* [WORK INSTRUCTION]
From the records that follow, copy every line that contains the word "condensed".

* [DATASET EXTRACT]
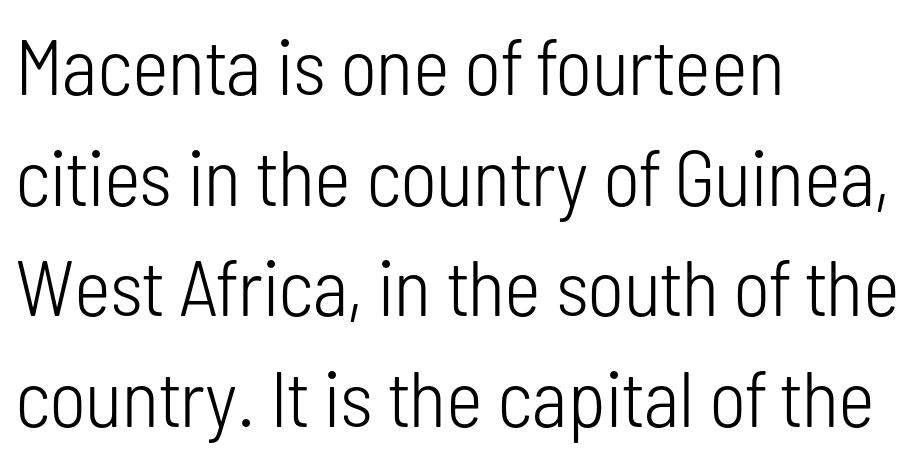
{"serif": "no", "italic": "no", "bold": "no", "weight": "light", "width": "condensed", "stroke_contrast": "low", "x_height": "medium", "monospaced": "no", "underline": "no", "align": "left", "line_spacing": "normal", "line_spacing_ratio": 1.4, "letter_spacing": "normal", "letter_spacing_em": 0.0, "glyph_px": 79}
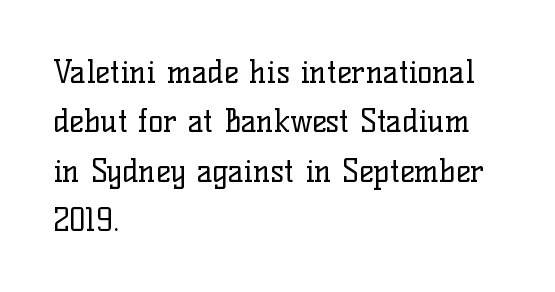
The image shows 31 px regular-weight serif type, upright; set left-aligned, normal line spacing (1.59x), normal letter spacing, not underlined; low stroke contrast and a medium x-height.
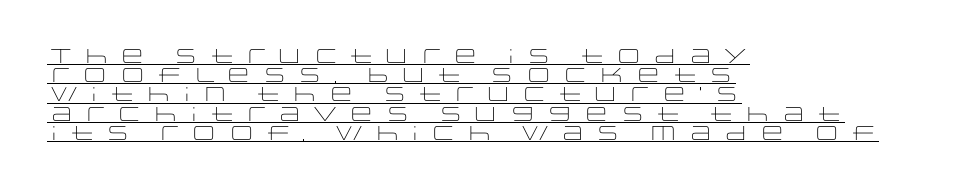
One-word summary of the alignment: left. The space between consecutive lines is stingy. Underline: present. The letters look calm and open, with moderate or lighter stems. Is there any slant? The stems are plumb. The letters are spread apart with noticeably loose tracking.
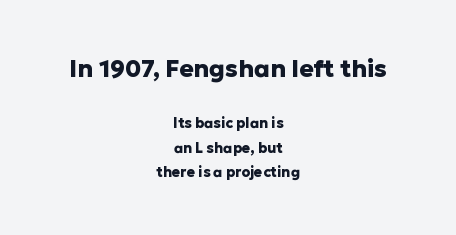
The compositor balanced each line on the midline. Ordinary non-slanted type is in use. The letterforms sit shoulder to shoulder at normal distance. The rendering uses a bold face; every stroke is thick and dark. Check the space under the baseline: it is left empty.
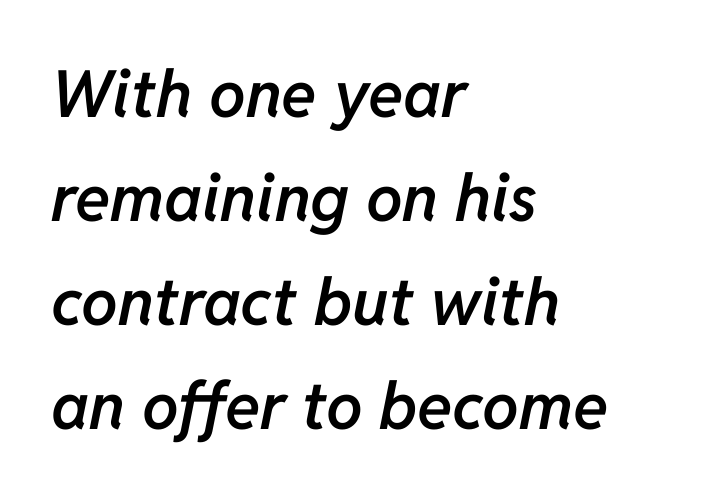
The image shows 65 px semibold type, italic (leaning right); set left-aligned, normal line spacing (1.6x), normal letter spacing, not underlined; low stroke contrast and a medium x-height.
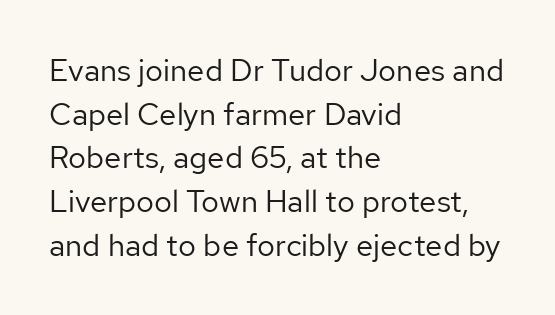
The image shows 31 px regular-weight sans-serif type, upright; set left-aligned, normal line spacing (1.41x), normal letter spacing, not underlined; low stroke contrast and a medium x-height.
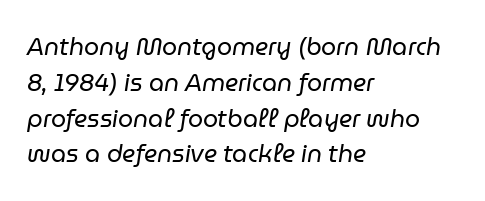
Q: Is the text bold? A: No.
Q: Is the text italic (slanted)? A: Yes, it leans right by about 9 degrees.
Q: Is the text underlined? A: No.
Q: How is the paragraph aligned? A: Left-aligned.
Q: Is the spacing between letters normal or unusually wide? A: Normal.
Q: Is the spacing between lines tight, normal or loose? A: Normal.
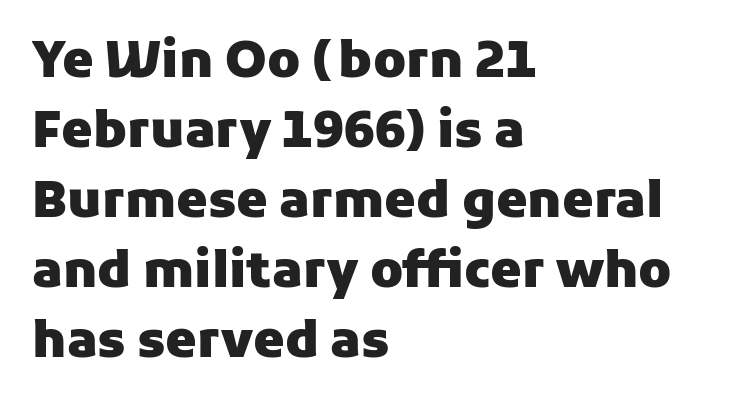
The image shows 50 px heavy sans-serif type, upright; set left-aligned, normal line spacing (1.4x), normal letter spacing, not underlined; low stroke contrast and a medium x-height.
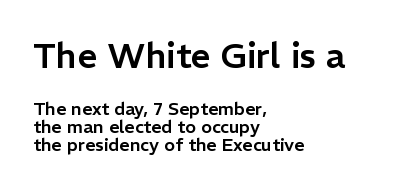
Observe the ordinary spacing: letters are neighbours, not strangers. This block would grow much taller if given ordinary leading; it's compressed now. Visually the block forms a straight wall on the left and a jagged coastline on the right. The space directly below the letters is spotless. The rendering shows plain stroke endings on the letterforms — a sans-serif design.
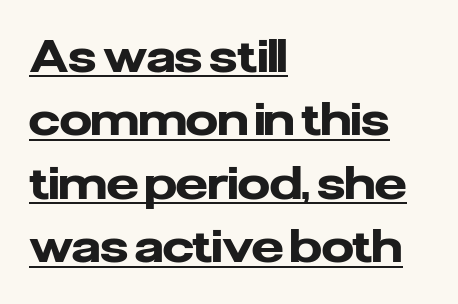
Q: Is the text bold? A: Yes.
Q: Is the text italic (slanted)? A: No, it is upright.
Q: Is the typeface a serif or a sans-serif typeface? A: Sans-serif.
Q: Is the text underlined? A: Yes.
Q: How is the paragraph aligned? A: Left-aligned.
Q: Is the spacing between letters normal or unusually wide? A: Normal.
Q: Is the spacing between lines tight, normal or loose? A: Normal.
Q: Width (condensed, normal, or wide)? A: Normal.
Q: Stroke contrast? A: Low.
Q: x-height? A: Medium.
Q: Monospaced? A: No.
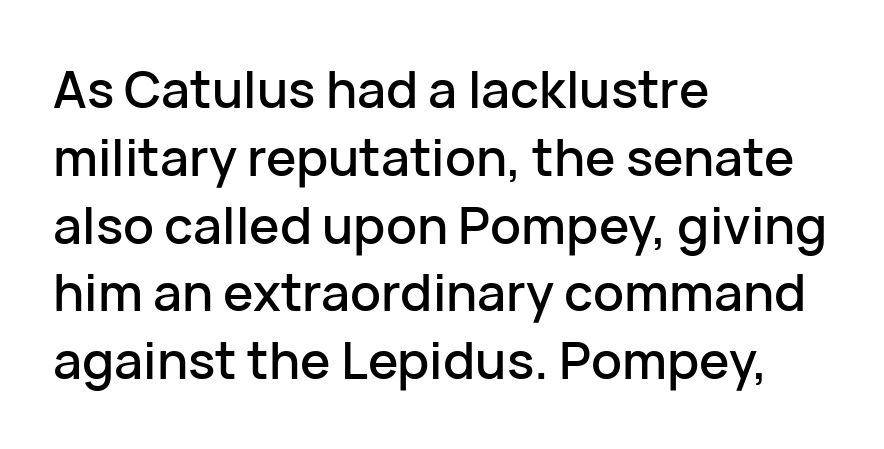
In terms of letterform style, serifs are entirely absent. Do the letters lean? They stand straight. What's the leading like? Ordinary, nothing unusual. This sample uses plain, unmodified letter spacing. Leftover space on each line is placed entirely after the last word.
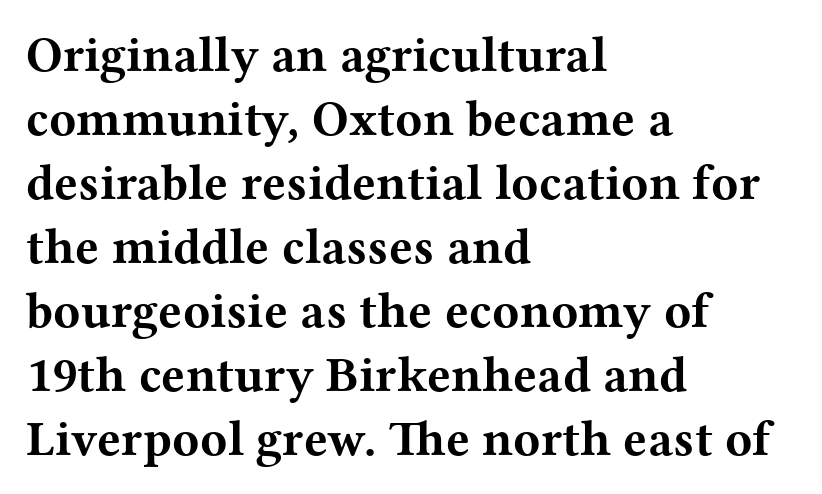
{"serif": "yes", "italic": "no", "bold": "yes", "weight": "bold", "width": "wide", "stroke_contrast": "medium", "x_height": "medium", "monospaced": "no", "underline": "no", "align": "left", "line_spacing": "normal", "line_spacing_ratio": 1.28, "letter_spacing": "normal", "letter_spacing_em": 0.0, "glyph_px": 50}
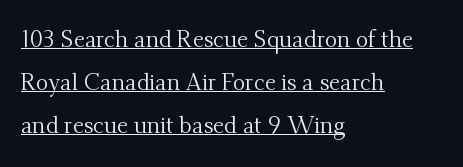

* [SOLUTION]
{"serif": "no", "italic": "no", "bold": "no", "weight": "light", "width": "condensed", "stroke_contrast": "low", "x_height": "medium", "monospaced": "no", "underline": "no", "align": "left", "line_spacing": "normal", "line_spacing_ratio": 1.4, "letter_spacing": "normal", "letter_spacing_em": 0.0, "glyph_px": 79}
Q: Width (condensed, normal, or wide)? A: Normal.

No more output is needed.